Australian marketing’s top tech:
- Social Media Engagement
- Email Marketing Platforms
- Marketing Automation
- Data Management
“Good technology, well implemented, will help evolve the online relationship from a merely transactional interaction to a potentially valuable and engaging way to reinforce the promise of the brand, according to our interviewees,” the report said.
Despite the affinity for marketing technology, there is a clear division on access. According to the research, 40 per cent of marketers said their current martech stack was not suitable to complete their required job. Conversely, 57 per cent said they had the technology to do their job effectively.
The person responsible for signing off on new marketing technology? Not the CMO or the CIO. It’s the CEO, according to the research.
“In 60.6 per cent of cases, the CEO or Managing Director is the final arbiter for marketing technology spending. The CMO is a long way back in second, at 16 per cent, with IT third at 11.5 per cent.”
Even for those with the technology, it’s not perfect.
“Marketing leaders said there were still clear gaps in the technology stack that would hinder creating truly joined-up experiences until they were solved,” the authors wrote.
For example, identifying customers still remains a significant problem and disconnect between adtech and martech.
“CMOs flagged the fact that the advertising technology that serves their display and search advertising remains anonymised, whereas the great virtue of their marketing technology is that it is able to identify a customer,” the authors wrote.
“This is what marketers refer to as the gap between probabilistic identification and deterministic identification. Or, put more simply, the difference between ‘it’s probably you’ and ‘it’s definitely you’.”
There’s also the issue of marrying online and offline data.
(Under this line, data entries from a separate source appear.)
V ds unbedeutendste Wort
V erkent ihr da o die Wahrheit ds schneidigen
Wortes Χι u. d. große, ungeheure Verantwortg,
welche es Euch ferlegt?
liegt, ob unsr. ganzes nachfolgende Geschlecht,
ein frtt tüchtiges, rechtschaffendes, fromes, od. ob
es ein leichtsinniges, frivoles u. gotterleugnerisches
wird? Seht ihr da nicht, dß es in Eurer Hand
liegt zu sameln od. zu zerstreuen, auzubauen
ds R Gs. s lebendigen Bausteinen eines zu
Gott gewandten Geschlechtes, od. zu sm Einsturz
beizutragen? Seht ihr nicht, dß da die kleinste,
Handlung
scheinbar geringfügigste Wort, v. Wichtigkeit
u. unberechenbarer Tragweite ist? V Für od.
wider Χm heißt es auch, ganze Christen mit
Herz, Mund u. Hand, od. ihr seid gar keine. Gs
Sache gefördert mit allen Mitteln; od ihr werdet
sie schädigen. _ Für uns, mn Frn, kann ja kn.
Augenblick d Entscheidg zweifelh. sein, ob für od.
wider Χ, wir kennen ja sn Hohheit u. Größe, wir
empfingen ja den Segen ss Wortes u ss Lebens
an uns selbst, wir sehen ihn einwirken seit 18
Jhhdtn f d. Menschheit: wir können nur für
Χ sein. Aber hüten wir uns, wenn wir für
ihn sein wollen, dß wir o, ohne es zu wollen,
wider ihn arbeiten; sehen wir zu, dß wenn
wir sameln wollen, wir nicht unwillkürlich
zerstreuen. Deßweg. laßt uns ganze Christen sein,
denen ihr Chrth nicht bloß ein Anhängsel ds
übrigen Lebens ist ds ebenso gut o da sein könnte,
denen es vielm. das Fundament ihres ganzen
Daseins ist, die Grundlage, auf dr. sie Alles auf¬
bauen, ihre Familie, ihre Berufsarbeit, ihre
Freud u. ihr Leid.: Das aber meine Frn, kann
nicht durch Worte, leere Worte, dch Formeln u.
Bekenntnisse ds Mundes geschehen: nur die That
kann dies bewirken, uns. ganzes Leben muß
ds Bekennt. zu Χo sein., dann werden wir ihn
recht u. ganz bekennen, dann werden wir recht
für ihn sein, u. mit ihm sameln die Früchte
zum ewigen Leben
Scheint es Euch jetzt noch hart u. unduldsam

According to one senior marketer from the grocery sector quoted in the report, online data provides only a “broad extrapolation” for informing customer behaviour. There are also still “massive blind spots in the attribution landscape at the moment,” he said.
A dearth of analytical talent is affecting marketers too, according to the whitepaper. While there is no shortage of data or technological solutions, the same can’t be said of the talent required to leverage analytics.